All eval cases support these fields:

| Field | Type | Description | | ------------- | -------- | -------------------------------------------------- | | id | string | Unique identifier | | name | string | Display name | | description | string | Description of what's being tested | | category | string | One of: basic, tool, code-gen, routing, multi-turn | | tags | string[] | Optional tags for filtering | | enabled | boolean | Enable/disable (default: true) | | timeout | number | Override default timeout (ms) | | trials | object | { count: number, passThreshold: number } |

Built-in Judges

file-existence

Validates that expected files were created.

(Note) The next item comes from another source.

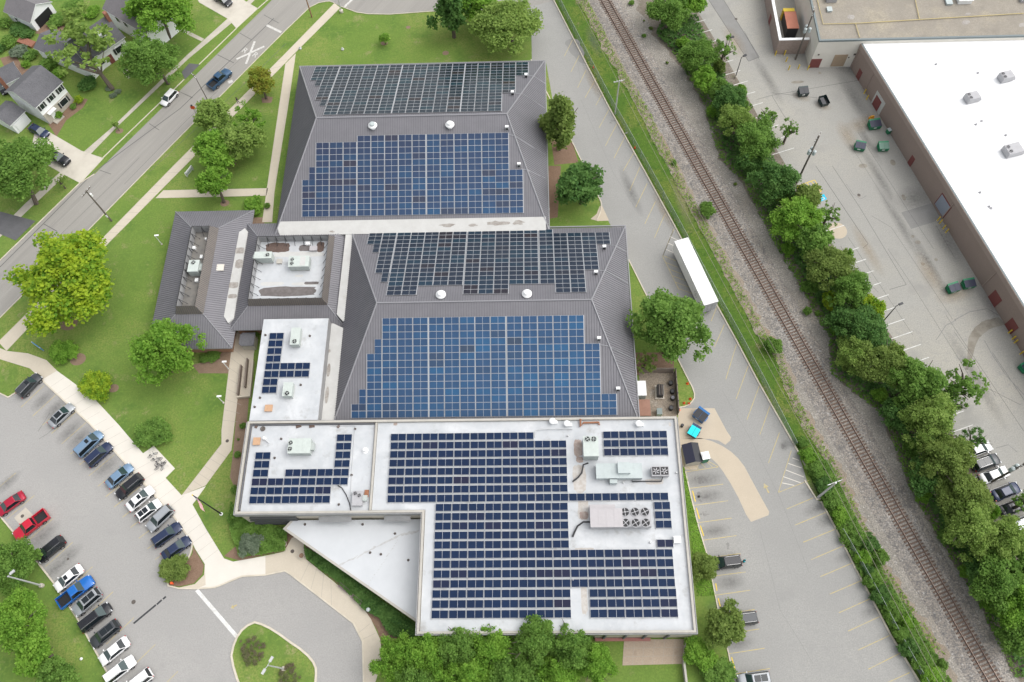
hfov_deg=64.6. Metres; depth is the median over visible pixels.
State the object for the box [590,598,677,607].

Checks all targetFiles exist in workspace
Passes if ≥80% of files exist
Returns detailed list of missing files

tool-invocation

Validates tool call counts.

Checks expectedToolCalls against actual calls
Supports minCalls and maxCalls constraints
Defaults minCalls to 1 if not specified

pattern-match

Validates file content matches expected patterns.

Uses regex patterns from expectedPatterns
Supports multiline matching
Passes if ≥80% of patterns found

syntax-validation

Validates generated code has valid syntax.

Supports TypeScript, JavaScript, JSX, TSX
Uses Babel parser for accurate syntax checking
Reports specific syntax errors

skill-invocation

Validates that specific skills were invoked.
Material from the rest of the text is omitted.